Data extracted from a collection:
==============================

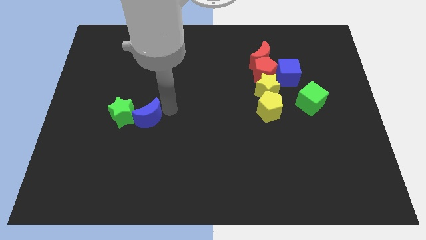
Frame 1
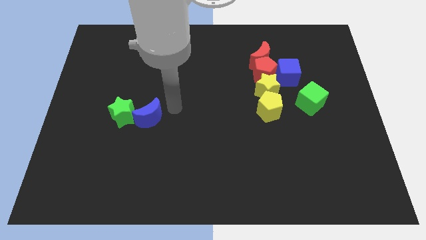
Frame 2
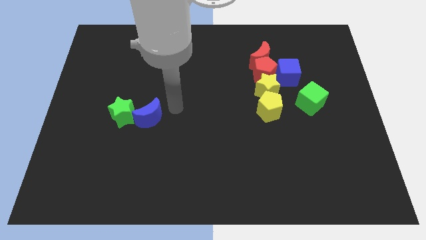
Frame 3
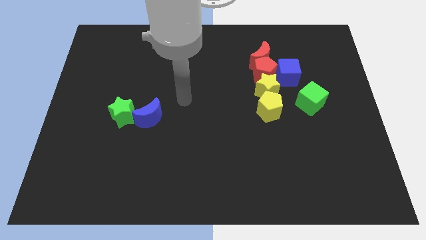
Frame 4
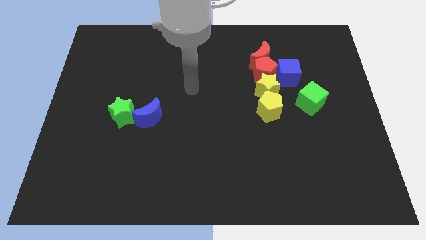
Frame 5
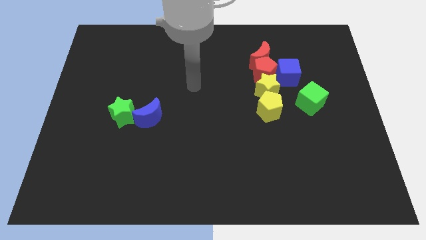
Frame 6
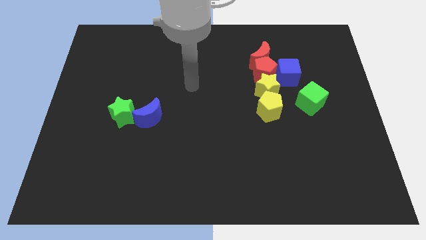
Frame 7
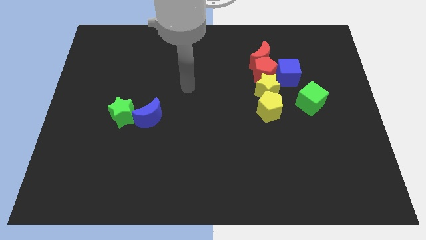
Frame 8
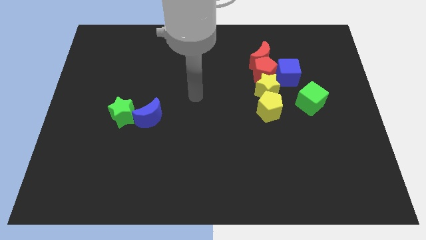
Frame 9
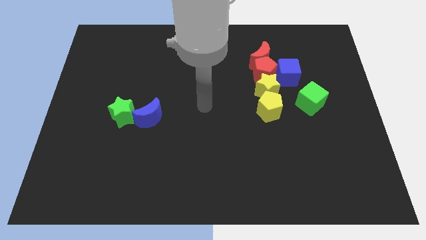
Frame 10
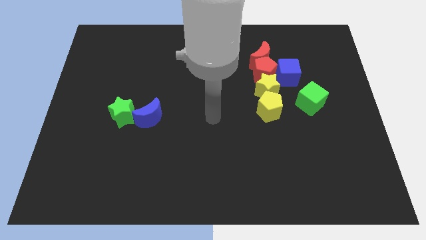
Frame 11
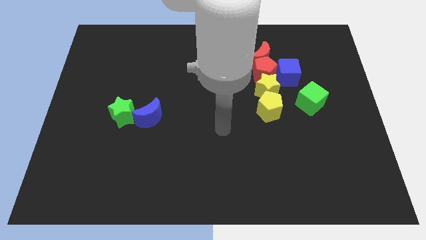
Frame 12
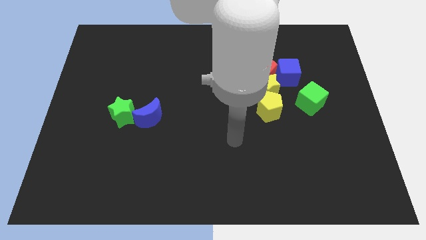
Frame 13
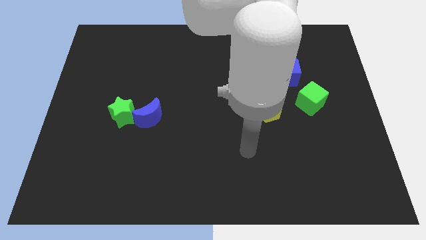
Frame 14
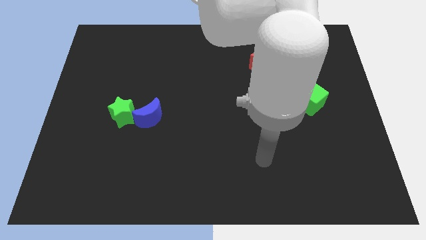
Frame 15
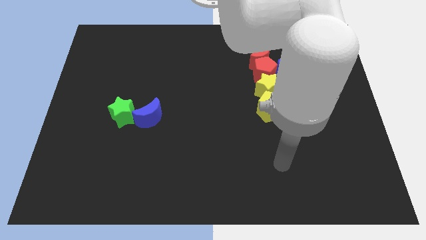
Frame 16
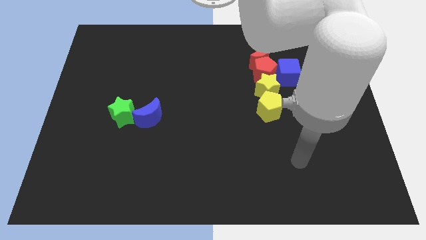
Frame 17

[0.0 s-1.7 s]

==============================

TASK TO COMPLETE:
The reply must hold every line above exactly as written and none of the pictures.

SOLUTION TO THIS PROBLEM:
Frame 1
Frame 2
Frame 3
Frame 4
Frame 5
Frame 6
Frame 7
Frame 8
Frame 9
Frame 10
Frame 11
Frame 12
Frame 13
Frame 14
Frame 15
Frame 16
Frame 17

[0.0 s-1.7 s]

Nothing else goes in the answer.